What you are asked to do: Look below for lines that hold the string "Adobe" and copy each one.

Supplied entries:
#####

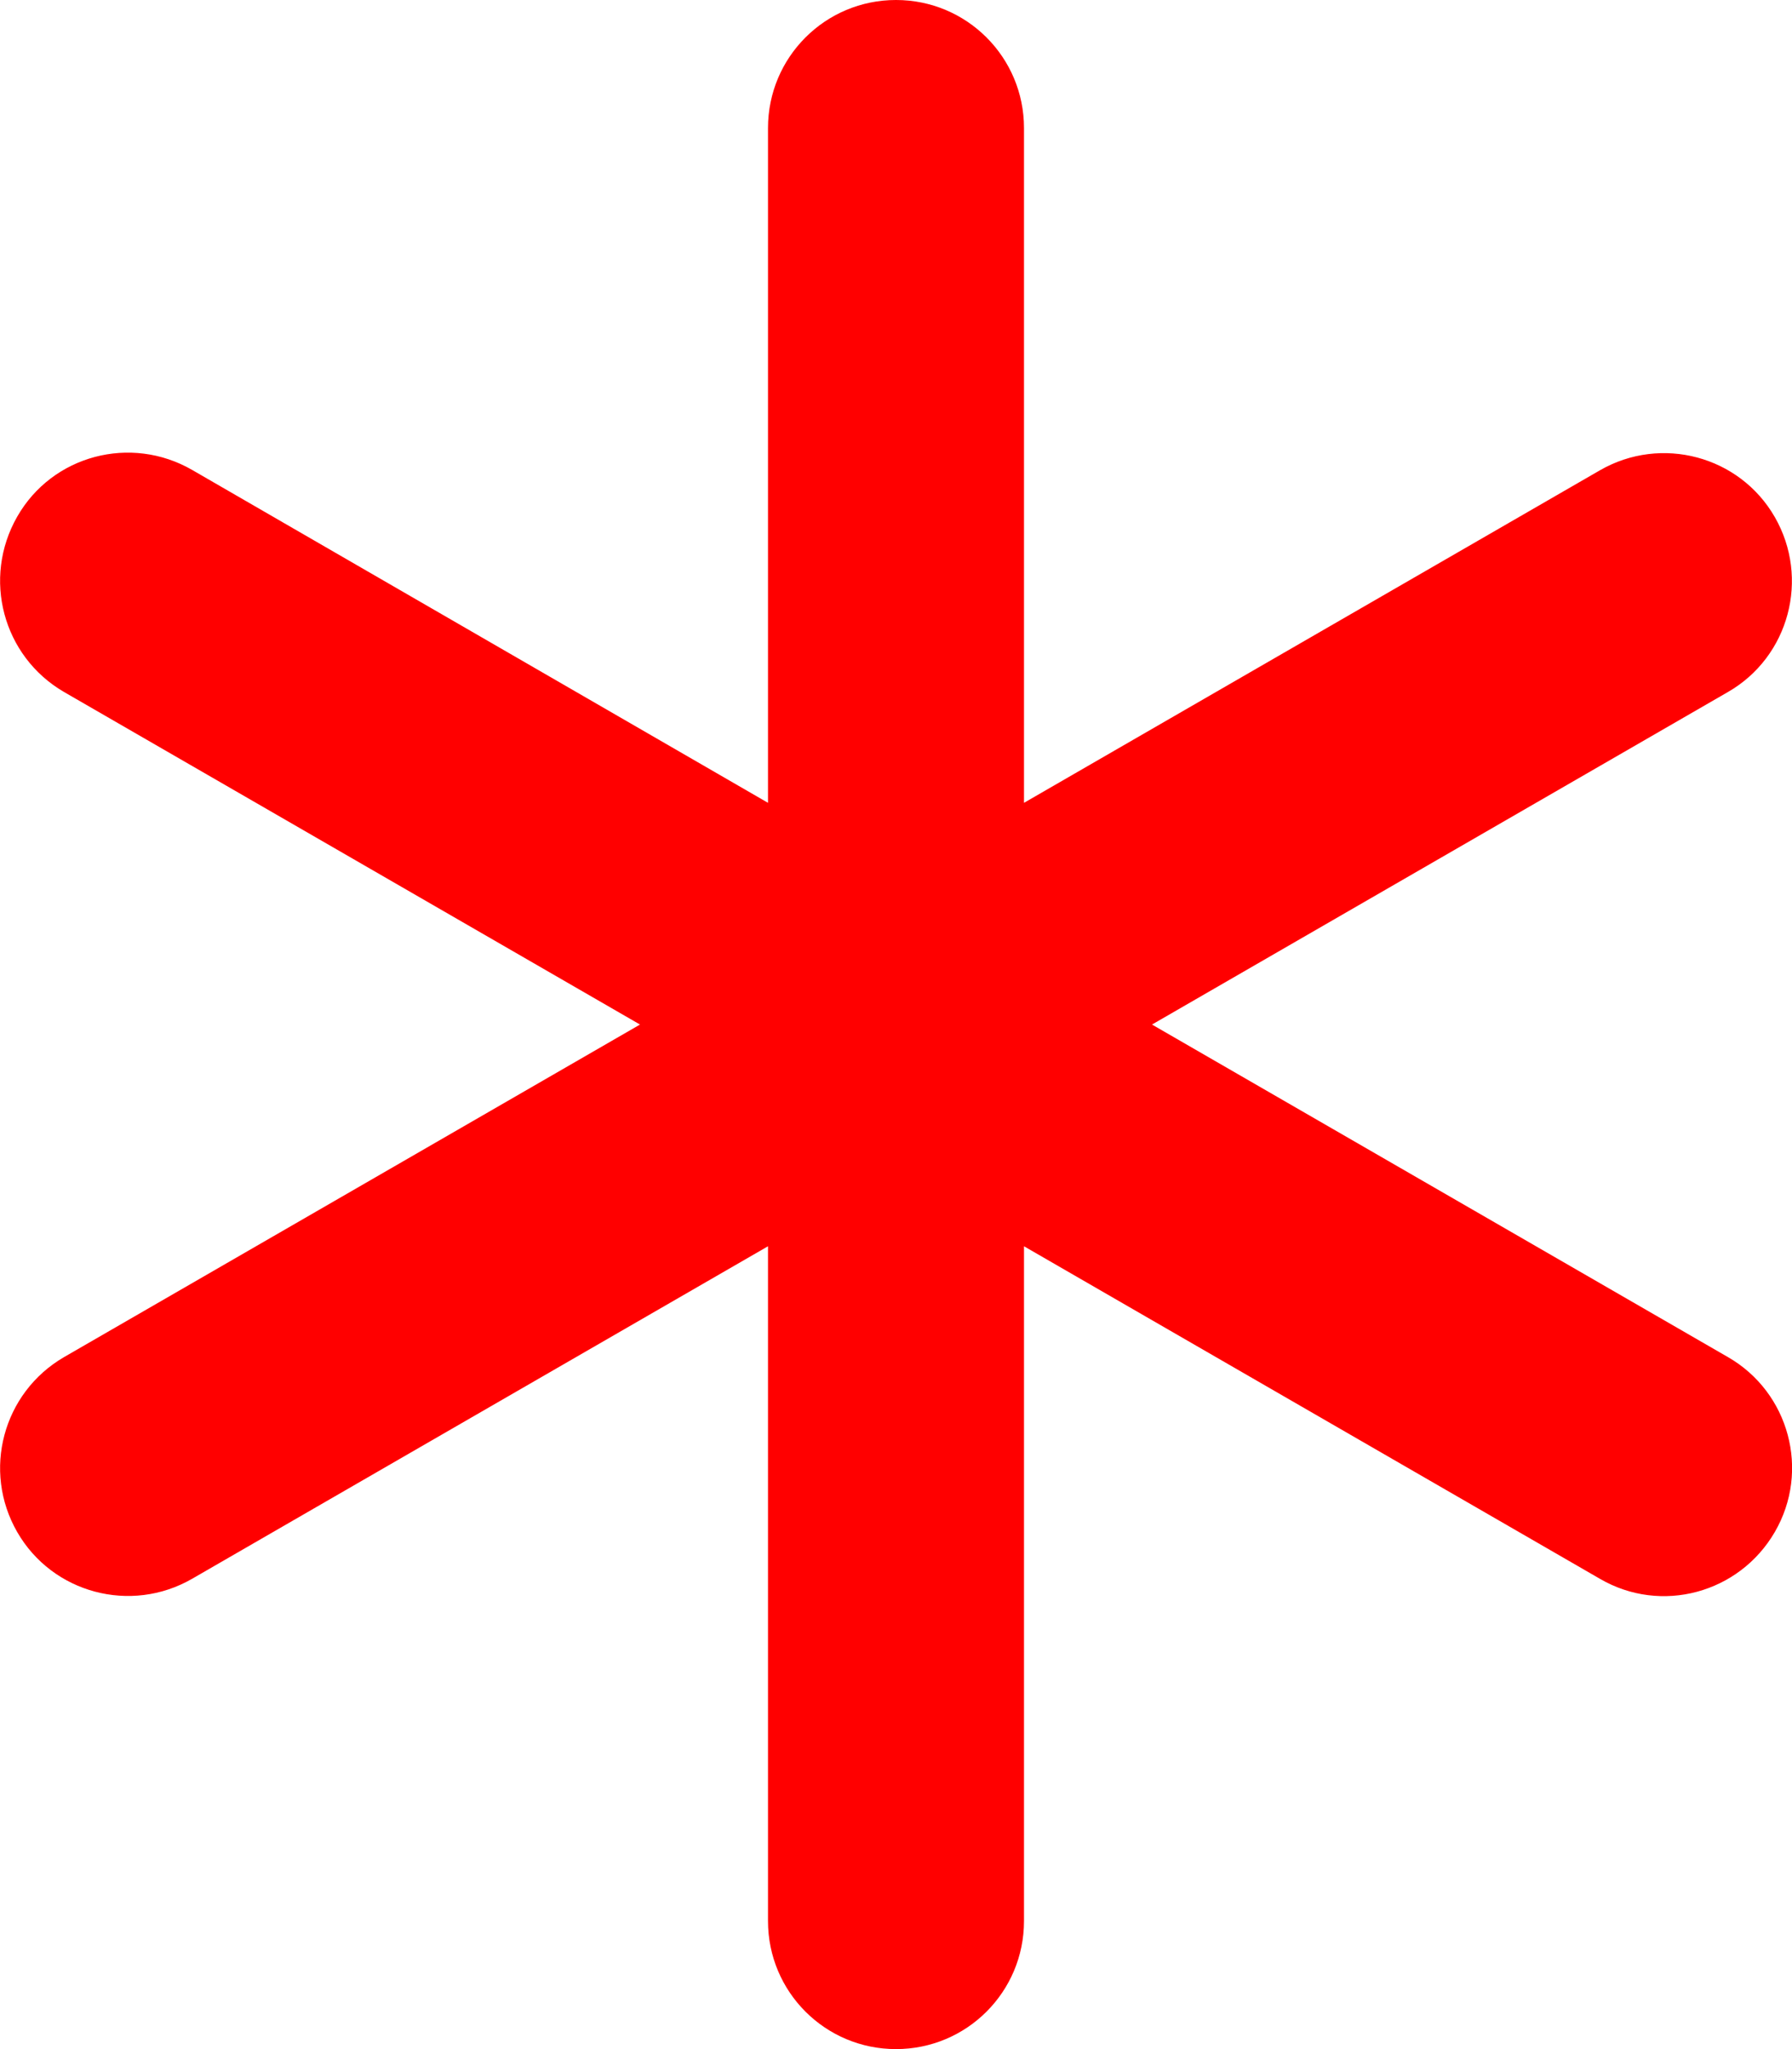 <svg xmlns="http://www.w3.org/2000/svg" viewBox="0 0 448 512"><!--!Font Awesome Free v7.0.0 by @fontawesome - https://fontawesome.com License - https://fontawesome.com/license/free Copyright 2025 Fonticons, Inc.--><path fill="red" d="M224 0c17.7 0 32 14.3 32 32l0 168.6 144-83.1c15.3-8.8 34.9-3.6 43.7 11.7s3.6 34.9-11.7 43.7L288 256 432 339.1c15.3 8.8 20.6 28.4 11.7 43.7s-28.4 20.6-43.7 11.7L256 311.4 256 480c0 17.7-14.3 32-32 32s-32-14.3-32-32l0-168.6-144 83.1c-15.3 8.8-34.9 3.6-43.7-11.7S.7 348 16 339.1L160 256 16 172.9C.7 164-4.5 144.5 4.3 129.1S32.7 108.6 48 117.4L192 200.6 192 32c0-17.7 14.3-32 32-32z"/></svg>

#####

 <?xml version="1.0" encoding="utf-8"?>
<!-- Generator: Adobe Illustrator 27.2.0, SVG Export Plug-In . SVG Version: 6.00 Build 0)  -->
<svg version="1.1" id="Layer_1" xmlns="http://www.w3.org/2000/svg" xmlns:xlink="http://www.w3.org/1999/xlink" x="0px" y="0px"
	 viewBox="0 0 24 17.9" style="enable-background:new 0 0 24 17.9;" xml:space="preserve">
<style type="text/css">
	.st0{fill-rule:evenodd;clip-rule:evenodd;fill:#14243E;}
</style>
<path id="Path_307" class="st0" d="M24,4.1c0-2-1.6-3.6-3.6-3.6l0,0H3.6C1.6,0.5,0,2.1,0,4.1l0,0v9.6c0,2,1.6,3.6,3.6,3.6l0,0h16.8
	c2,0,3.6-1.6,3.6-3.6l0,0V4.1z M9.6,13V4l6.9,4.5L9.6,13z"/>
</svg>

#####

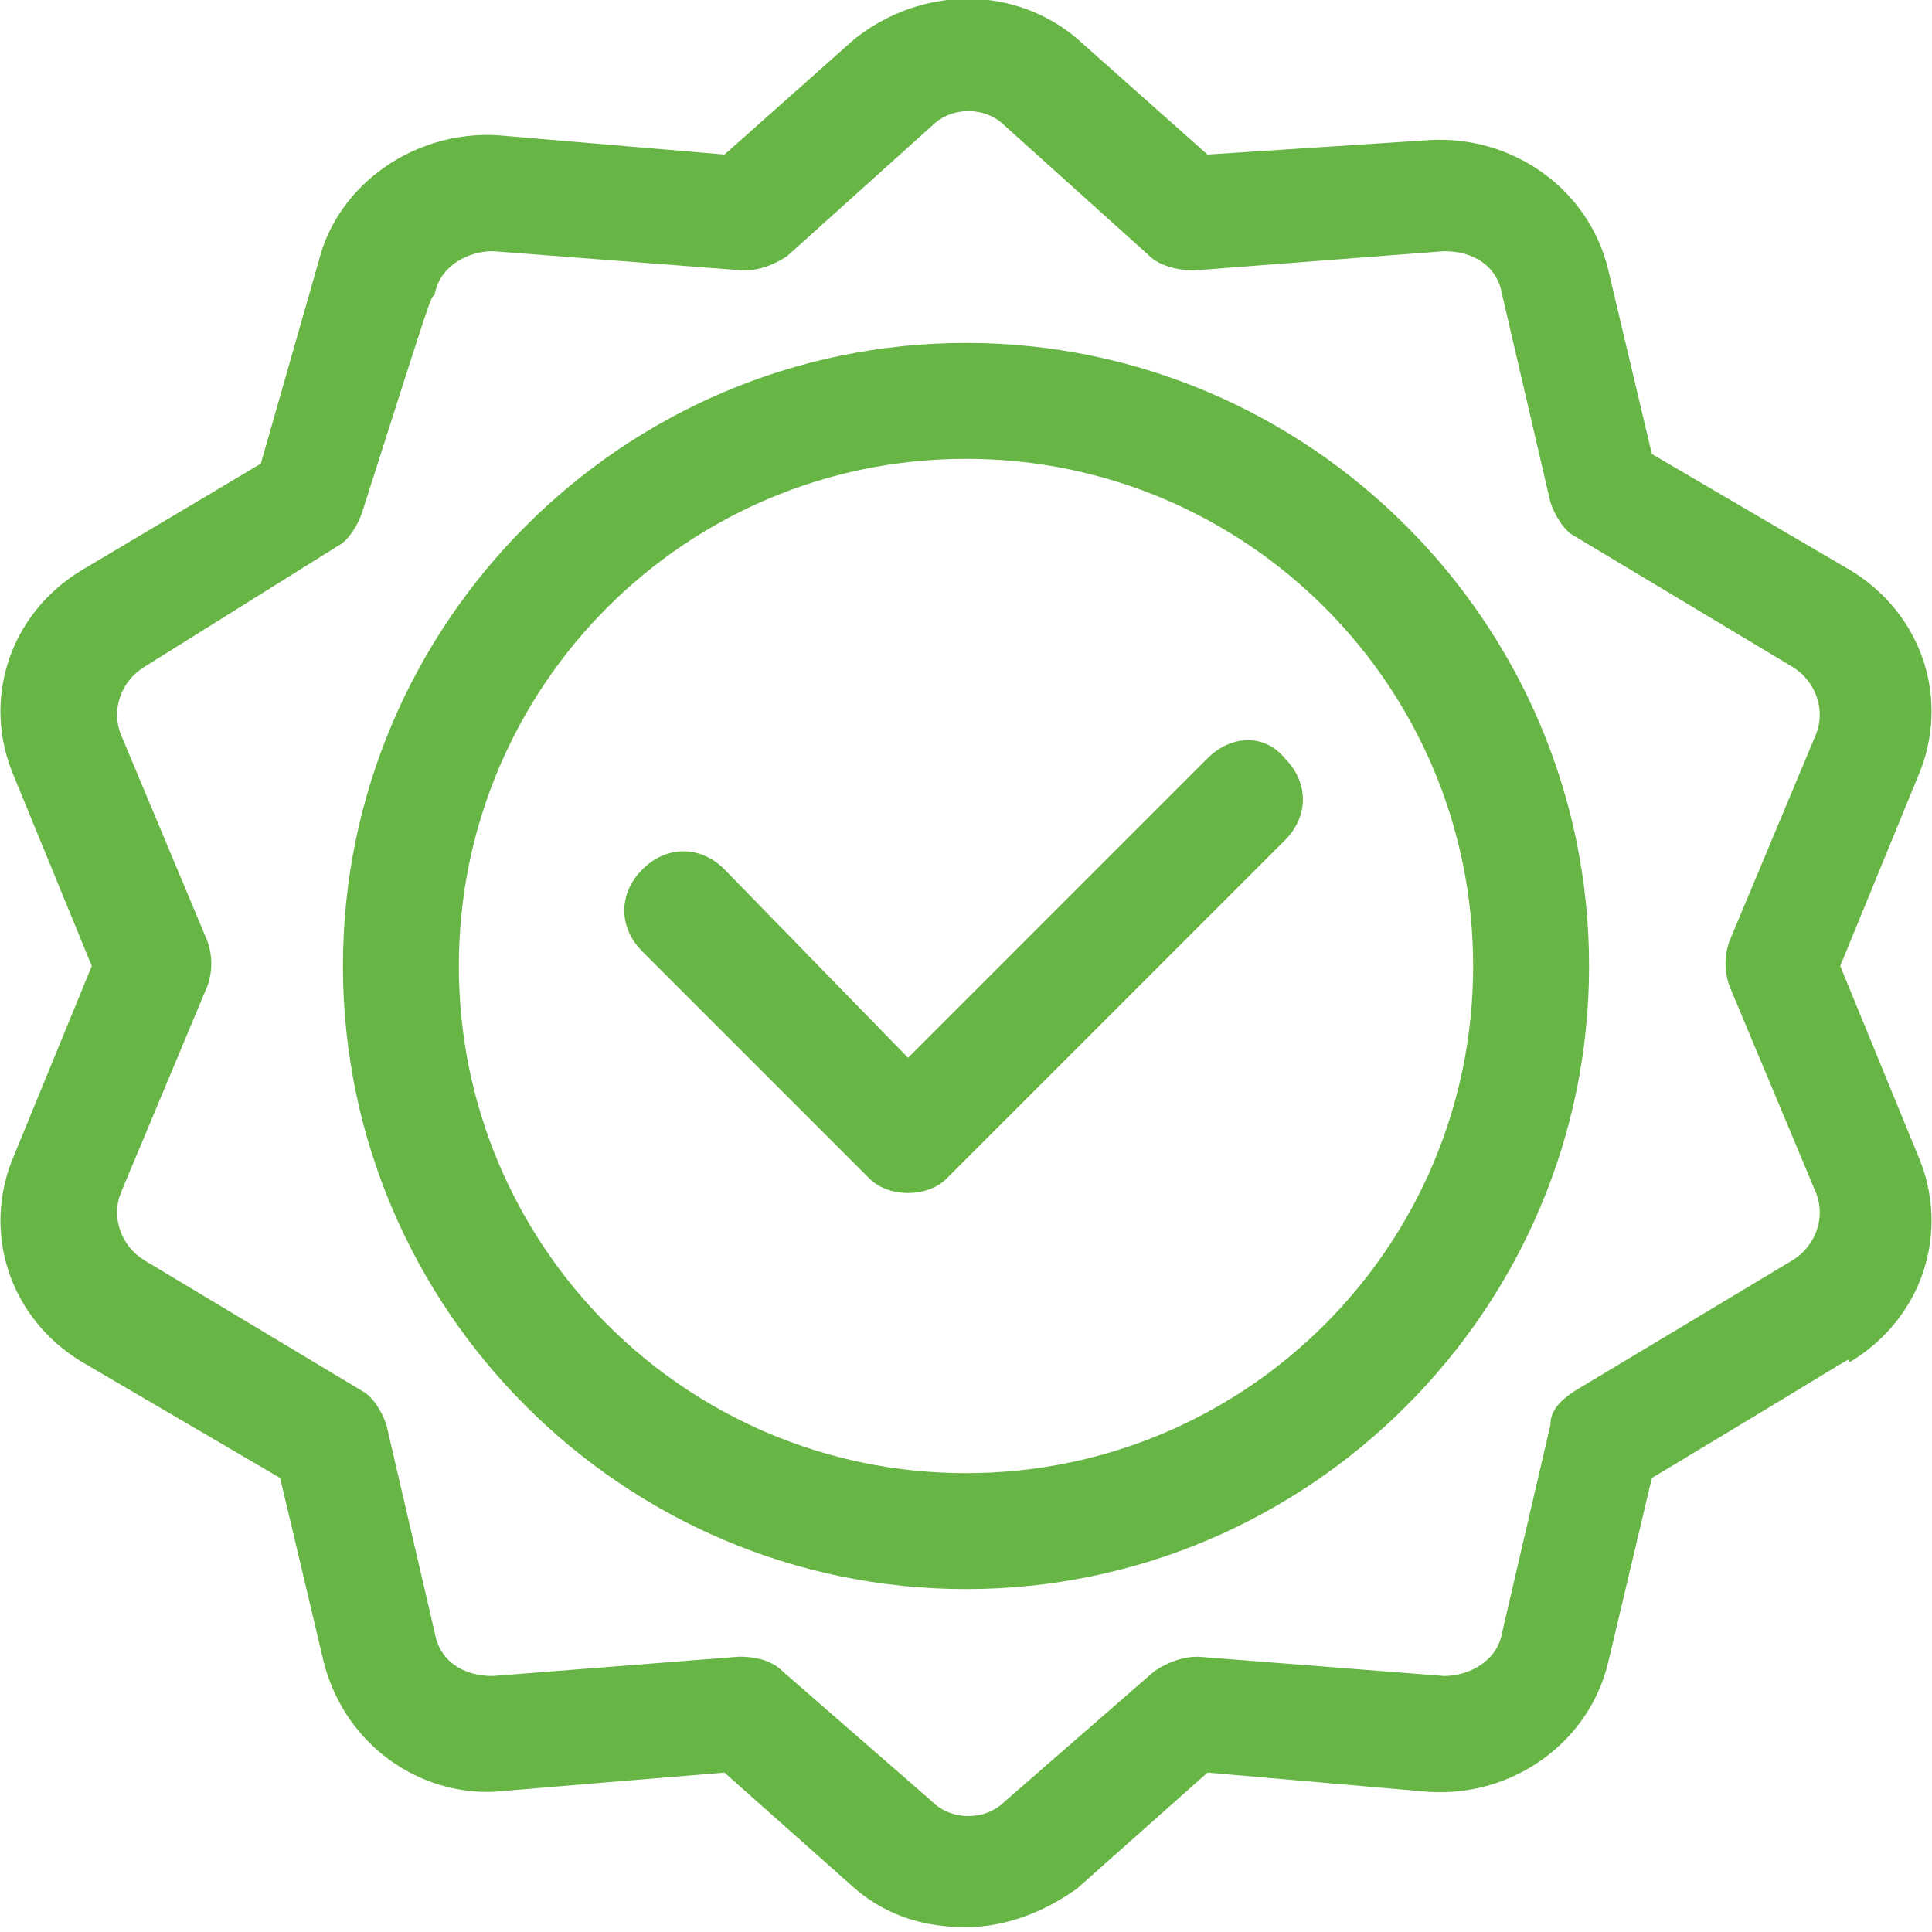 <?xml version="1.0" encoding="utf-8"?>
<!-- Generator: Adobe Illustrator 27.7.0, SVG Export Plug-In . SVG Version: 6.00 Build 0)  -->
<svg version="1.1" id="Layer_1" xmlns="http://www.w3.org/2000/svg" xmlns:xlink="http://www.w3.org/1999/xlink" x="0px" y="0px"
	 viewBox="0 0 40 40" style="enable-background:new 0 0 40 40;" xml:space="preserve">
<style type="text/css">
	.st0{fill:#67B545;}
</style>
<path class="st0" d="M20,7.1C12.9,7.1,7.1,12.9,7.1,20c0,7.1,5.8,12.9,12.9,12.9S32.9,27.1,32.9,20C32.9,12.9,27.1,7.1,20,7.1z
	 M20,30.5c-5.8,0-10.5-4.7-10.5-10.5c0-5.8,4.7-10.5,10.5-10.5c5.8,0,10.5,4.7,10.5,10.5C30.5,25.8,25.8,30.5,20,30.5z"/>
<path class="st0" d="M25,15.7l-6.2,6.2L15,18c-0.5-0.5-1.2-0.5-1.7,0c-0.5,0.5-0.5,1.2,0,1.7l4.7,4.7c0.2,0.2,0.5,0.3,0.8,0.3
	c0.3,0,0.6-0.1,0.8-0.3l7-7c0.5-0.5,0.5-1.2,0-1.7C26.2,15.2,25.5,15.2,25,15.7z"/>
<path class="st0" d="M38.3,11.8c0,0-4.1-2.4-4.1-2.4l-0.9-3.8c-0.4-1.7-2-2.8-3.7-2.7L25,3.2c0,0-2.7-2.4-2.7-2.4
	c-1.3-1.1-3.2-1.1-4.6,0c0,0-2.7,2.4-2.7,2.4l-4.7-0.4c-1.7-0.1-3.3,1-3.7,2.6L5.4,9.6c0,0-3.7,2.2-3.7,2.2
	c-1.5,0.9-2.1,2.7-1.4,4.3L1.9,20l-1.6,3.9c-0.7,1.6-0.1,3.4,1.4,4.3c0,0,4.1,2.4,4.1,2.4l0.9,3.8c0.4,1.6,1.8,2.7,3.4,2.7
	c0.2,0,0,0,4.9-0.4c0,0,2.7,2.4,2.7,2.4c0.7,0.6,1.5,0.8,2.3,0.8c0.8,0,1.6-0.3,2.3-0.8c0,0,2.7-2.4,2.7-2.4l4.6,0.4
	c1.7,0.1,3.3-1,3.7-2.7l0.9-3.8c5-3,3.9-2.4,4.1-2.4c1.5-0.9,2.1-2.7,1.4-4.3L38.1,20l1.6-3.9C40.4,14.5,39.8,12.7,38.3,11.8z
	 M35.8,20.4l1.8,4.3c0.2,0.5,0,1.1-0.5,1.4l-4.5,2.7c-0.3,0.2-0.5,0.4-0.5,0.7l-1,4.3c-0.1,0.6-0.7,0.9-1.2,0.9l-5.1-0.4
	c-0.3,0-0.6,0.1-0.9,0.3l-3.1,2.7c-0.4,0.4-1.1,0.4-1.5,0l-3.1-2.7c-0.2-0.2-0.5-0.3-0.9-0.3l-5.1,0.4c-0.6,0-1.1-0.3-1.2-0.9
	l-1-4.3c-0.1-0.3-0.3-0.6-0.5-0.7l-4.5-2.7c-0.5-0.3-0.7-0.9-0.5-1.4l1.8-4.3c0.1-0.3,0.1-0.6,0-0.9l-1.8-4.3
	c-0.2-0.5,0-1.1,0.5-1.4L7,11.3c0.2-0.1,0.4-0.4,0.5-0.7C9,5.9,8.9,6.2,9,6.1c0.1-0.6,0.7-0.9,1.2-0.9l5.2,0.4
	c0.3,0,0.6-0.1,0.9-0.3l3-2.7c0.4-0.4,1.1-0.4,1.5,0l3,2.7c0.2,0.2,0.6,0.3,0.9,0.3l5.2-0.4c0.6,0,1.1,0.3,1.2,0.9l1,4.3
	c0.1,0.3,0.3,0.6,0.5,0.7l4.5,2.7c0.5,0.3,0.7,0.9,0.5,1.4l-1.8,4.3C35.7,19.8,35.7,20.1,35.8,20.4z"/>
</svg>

#####

Answer below:
<!-- Generator: Adobe Illustrator 27.2.0, SVG Export Plug-In . SVG Version: 6.00 Build 0)  -->
<!-- Generator: Adobe Illustrator 27.7.0, SVG Export Plug-In . SVG Version: 6.00 Build 0)  -->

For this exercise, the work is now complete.